Люди уже стали расходиться, с оживлением обсуждая случившееся на их глазах, когда старейшина остановил Варяжко, собравшимся идти со своим отрядом. Помолчав недолго, высказал тому: — От имени всего Новгорода благодарю тебя за подвиг ратный. Но вот, скажи, молодец, почему ты не зарубил неприятеля? Ведь он же не мог противиться, в твоей воли было творить с ним все, что угодно.

— Я не тать, старейший, не хочу губить понапрасну.

— Почему же понапрасну? Если завтра с княжеской дружиной будет брань — он что, пощадит тебя или других воев, если боги будут на его стороне? Или ты еще не решился — с кем быть? Если с нами, то не должен щадить врагов наших. Своим подвигом ты заслужил доброй участи от людей новгородских, но того мало, чтобы признали своим. Послушай мой совет — проникнись сердцем духом новгородским и тогда оно подскажет, что от тебя нужно людям. Все ли тебе ясно, воин?

— Да, старейший. Могу ли я молвить слово о важном?

Росслав нахмурился, как будто досадуя от назойливости юнца, потом все же кивнул согласно. Варяжко же воспользовался возможностью высказать напрямую свои мысли старейшине города — вряд ли скоро такое еще выпадет. Старался говорить неспешно, хотя слова так и рвались из него:

— Скоро сюда придет Ярополк с войском погубить народ новгородский. Все, что чинит посадник — то воля князя и его воеводы. Хотят вызвать бунт, а потом кровью затопить город.

— Откуда тебе известно, юноша? Или у тебя есть доносчики в княжеской дружине?

Старейшина не скрывал своего недоверия, хотя и понимал, что в словах юного воина правда, сам также считал.

— Нет, старейший, доносчиков нет. Но я говорил с самим князем, оттого и уверен — он не хочет мира с Новгородом, готов вырезать всех, о том сказал мне без обиняков. Думаю, через месяц или два подступит к городу, а за это время его посадник будет всеми путями изводить на бунт.

— Это мне и без тебя понятно. Что же ты хочешь предложить, коль затеял речь?

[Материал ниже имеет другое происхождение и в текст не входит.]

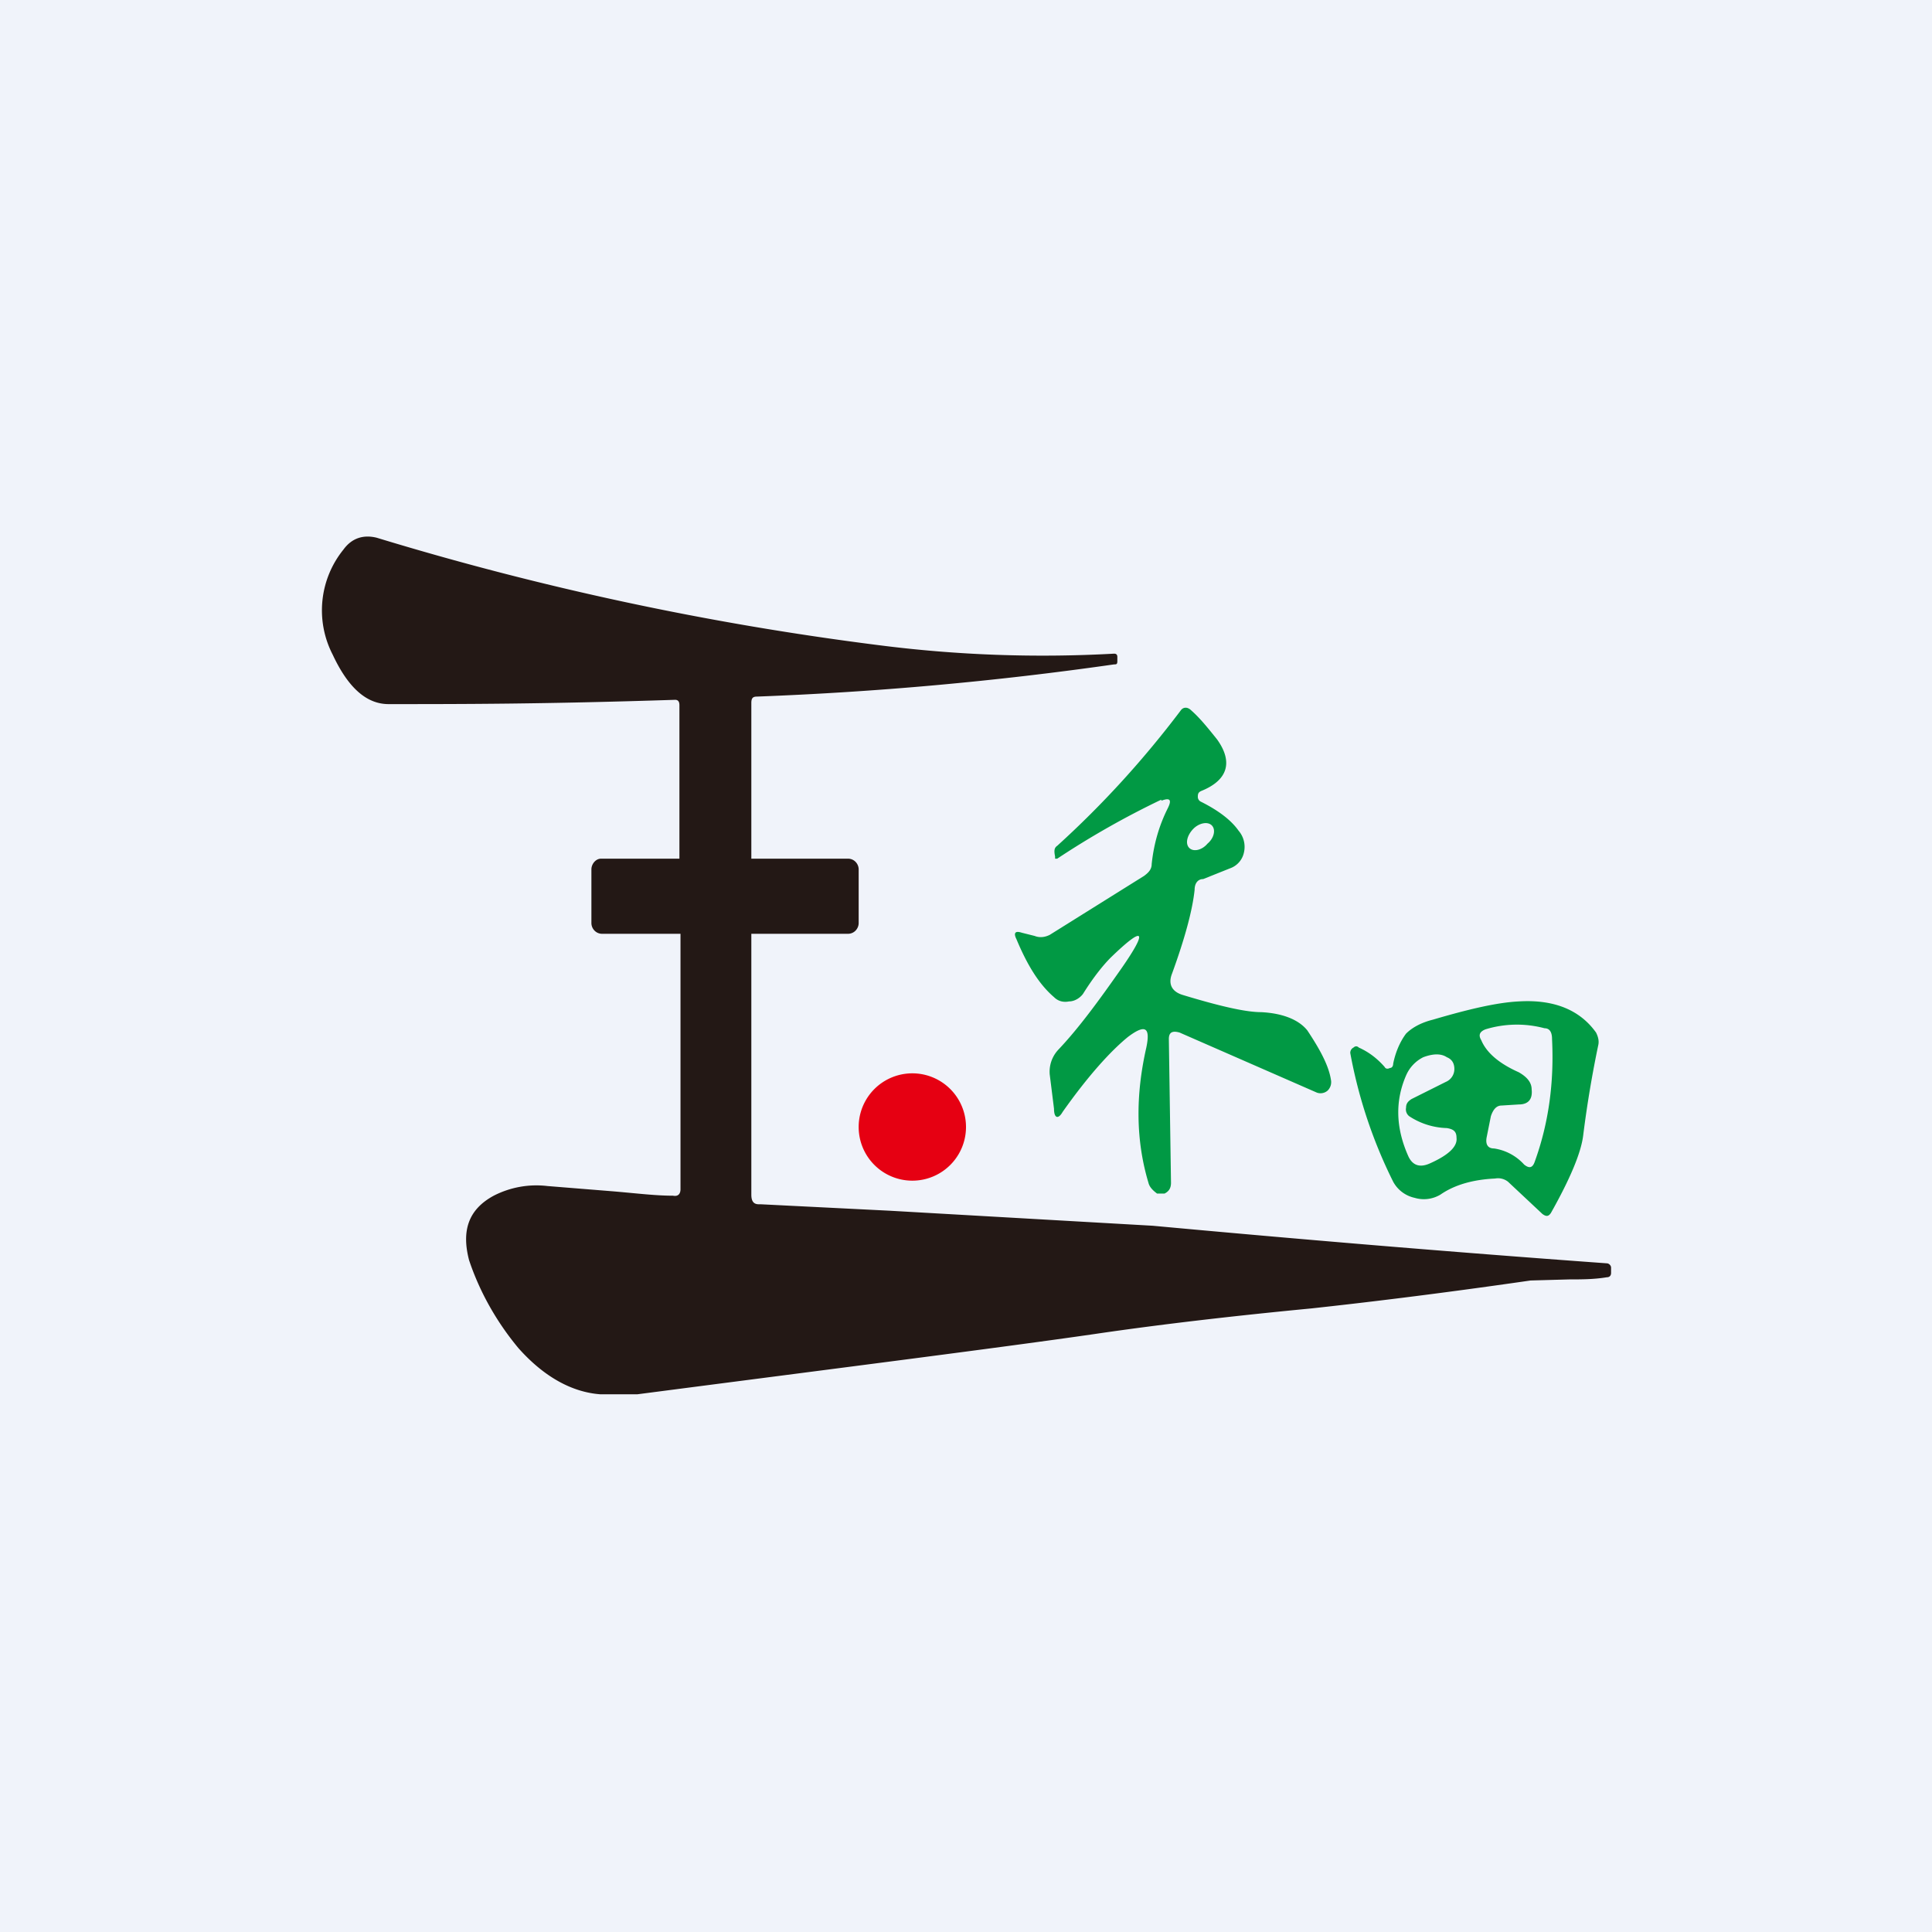 <!-- by TradingView --><svg width="18" height="18" viewBox="0 0 18 18" xmlns="http://www.w3.org/2000/svg"><path fill="#F0F3FA" d="M0 0h18v18H0z"/><path d="M10.82 7.46c.08-.03.1-.01.06.07-.08.16-.13.33-.15.52 0 .05-.03.08-.07.11l-.88.55c-.04.02-.09.03-.14.01l-.12-.03c-.06-.02-.08 0-.05.06.1.24.21.42.35.54.04.04.09.05.14.04.05 0 .1-.03.13-.07.1-.16.19-.27.26-.34.31-.3.35-.26.1.1-.21.3-.4.56-.59.76a.3.3 0 0 0-.08.23l.04.32c0 .09.04.1.08.03.24-.34.45-.57.61-.7.16-.12.21-.09.17.1-.1.44-.1.86.02 1.26.01.04.04.07.08.1h.07c.04-.02.06-.05.06-.1l-.02-1.34c0-.06.03-.08.1-.06l1.28.56a.1.1 0 0 0 .1-.02.11.11 0 0 0 .03-.1c-.02-.13-.1-.28-.22-.46-.08-.1-.23-.16-.43-.17-.15 0-.4-.06-.73-.16-.1-.03-.14-.1-.1-.2.12-.33.19-.59.21-.78 0-.06.03-.1.08-.1l.25-.1a.2.2 0 0 0 .13-.15.23.23 0 0 0-.05-.2c-.07-.1-.19-.19-.35-.27a.05.05 0 0 1-.03-.05c0-.03.01-.04.03-.05.25-.1.3-.27.15-.48-.08-.1-.16-.2-.24-.27-.04-.04-.08-.03-.1 0-.34.45-.72.87-1.15 1.26-.03.02-.03.05-.02.1V8h.02a8 8 0 0 1 .97-.55Zm.47.23c.04.04.02.12-.04.17-.05.06-.13.08-.17.04-.04-.04-.02-.12.04-.18.05-.05.13-.07.17-.03Z" fill="#019944"/><path fill-rule="evenodd" d="M12.9 9.94c.01.02.03.02.05.01.02 0 .03-.02.03-.04.02-.1.06-.2.12-.28.05-.05.13-.1.25-.13.34-.1.6-.16.8-.17.33-.02.57.08.72.29.02.04.03.08.02.12-.05.24-.1.52-.14.84-.02.16-.12.4-.3.72-.02.03-.04.04-.08.01l-.32-.3a.15.15 0 0 0-.12-.03c-.21.01-.38.06-.51.15a.3.3 0 0 1-.24.03.3.3 0 0 1-.2-.15 4.5 4.5 0 0 1-.4-1.2c0-.02.01-.04.03-.05.01-.01.03-.02.05 0 .09.04.17.1.24.18Zm1.25.35c.09 0 .13-.05.12-.14 0-.07-.05-.12-.12-.16-.18-.08-.3-.18-.35-.3-.03-.05-.01-.08.04-.1a1 1 0 0 1 .55-.01c.05 0 .07.04.07.1.02.4-.03.78-.16 1.14-.02.06-.05.07-.1.03a.47.47 0 0 0-.28-.15c-.06 0-.08-.04-.07-.1l.04-.2c.02-.06.05-.1.1-.1l.16-.01Zm-.67.22a.67.67 0 0 1-.35-.11.08.08 0 0 1-.03-.08c0-.04.02-.06.05-.08l.32-.16a.13.13 0 0 0 .08-.12c0-.05-.02-.09-.07-.11-.06-.04-.14-.03-.22 0a.34.34 0 0 0-.16.17c-.1.23-.1.48.02.75.04.09.11.11.2.07.18-.08.26-.16.25-.24 0-.06-.03-.08-.09-.09Z" fill="#019944"/><path d="M8.5 11a.5.5 0 1 0 0-1 .5.5 0 0 0 0 1Z" fill="#E60012"/><path d="M7.07 11.22c-.05 0-.07-.03-.07-.09V8.7h.9c.06 0 .1-.05.1-.1v-.5c0-.05-.04-.1-.1-.1H7V6.55c0-.04.01-.06.05-.06a32 32 0 0 0 3.33-.3c.02 0 .03 0 .03-.03v-.04c0-.02-.01-.03-.03-.03a12 12 0 0 1-2.2-.08 28.12 28.12 0 0 1-4.67-1c-.12-.03-.23 0-.31.11a.9.9 0 0 0-.1.98c.14.3.31.46.52.46.7 0 1.44 0 2.67-.04.03 0 .04.02.04.05V8H5.6c-.05 0-.09.05-.09.1v.5c0 .05.04.1.1.1h.73v2.38c0 .04-.02.07-.07.06-.16 0-.32-.02-.55-.04l-.62-.05a.87.87 0 0 0-.5.09c-.24.13-.3.33-.23.6.1.3.26.58.46.82.24.27.5.41.76.43h.35c2-.26 3.42-.44 4.25-.56.61-.09 1.3-.17 2.03-.24.46-.05 1.14-.13 2.04-.26l.36-.01c.11 0 .23 0 .35-.02.03 0 .04-.02.04-.04v-.05c0-.02-.02-.04-.04-.04-1.52-.11-2.93-.23-4.23-.35l-2.45-.14-1.2-.06Z" fill="#231815"/></svg>

— Надо собирать свое войско, старейший. Не на день, как сегодня, а хотя бы до брани с князем. И учить их воинской науке — как ратью, так и каждому вою. Неустанно, каждый день, чтобы могли устоять в равной сече против княжеской дружины.

— Эко ты хватил — устоять в равной сече! Да против каждого гридня надо троих воев и то не наверняка, а ты на равной! Разве что на стенах, а не в открытом поле. Или хочешь отсиживаться за ними?

— Не за стенами, старейший, хотя и за ними тоже придется биться, если одолеют в поле. Предлагаю собрать городу свою дружину из лучших воев и учить их бою против княжеской. Если согласишься, старейший, то назначь старшим дружины кого посчитаешь нужным, а я под его рукой буду учить воев.

— Хм-м. Можно подумать, — озадаченно проговорил Росслав, после добавил: — Хотя чему ты научишь воев за пару месяцев, когда у князя в дружине на то уходят годы?

— Конечно, каждый в отдельности уступит в единоборстве. Если же в строю, да еще нежданным образом, то можно не только сдержать, но и переломить сечу к своей победе. О том, как именно — я могу поведать, если у тебя, старейший, будет на то воля.

— Вот что, Варяжко, приходи сегодня повечеру в детинец. Там объявишь совету старейшин о своем умысле с дружиной, а мы порешим, как с ней быть. Понятно? Тогда обдумай веско, что скажешь уважаемым людям.

Замысел юного воителя зиждился на опробованном со своим бывшим отрядом ударе клином по строю противника. Впереди его шел тараном самый мощный воин с полным щитом и доспехом, сзади его подпирали другие, тех в свою очередь задние. Так, общими усилиями, разрывали строй из одного или двух рядов, который обычно применялся в бою княжеской дружиной. А потом в этот разрыв вступал весь отряд, успешно громя разрозненные группы. Правда, требовалась хорошая выучка и слаженность в совместном прорыве, иначе могли отсечь клин или разбить собственный строй, тогда воинам, прорвавшимся в гущу неприятеля, пришлось бы туго.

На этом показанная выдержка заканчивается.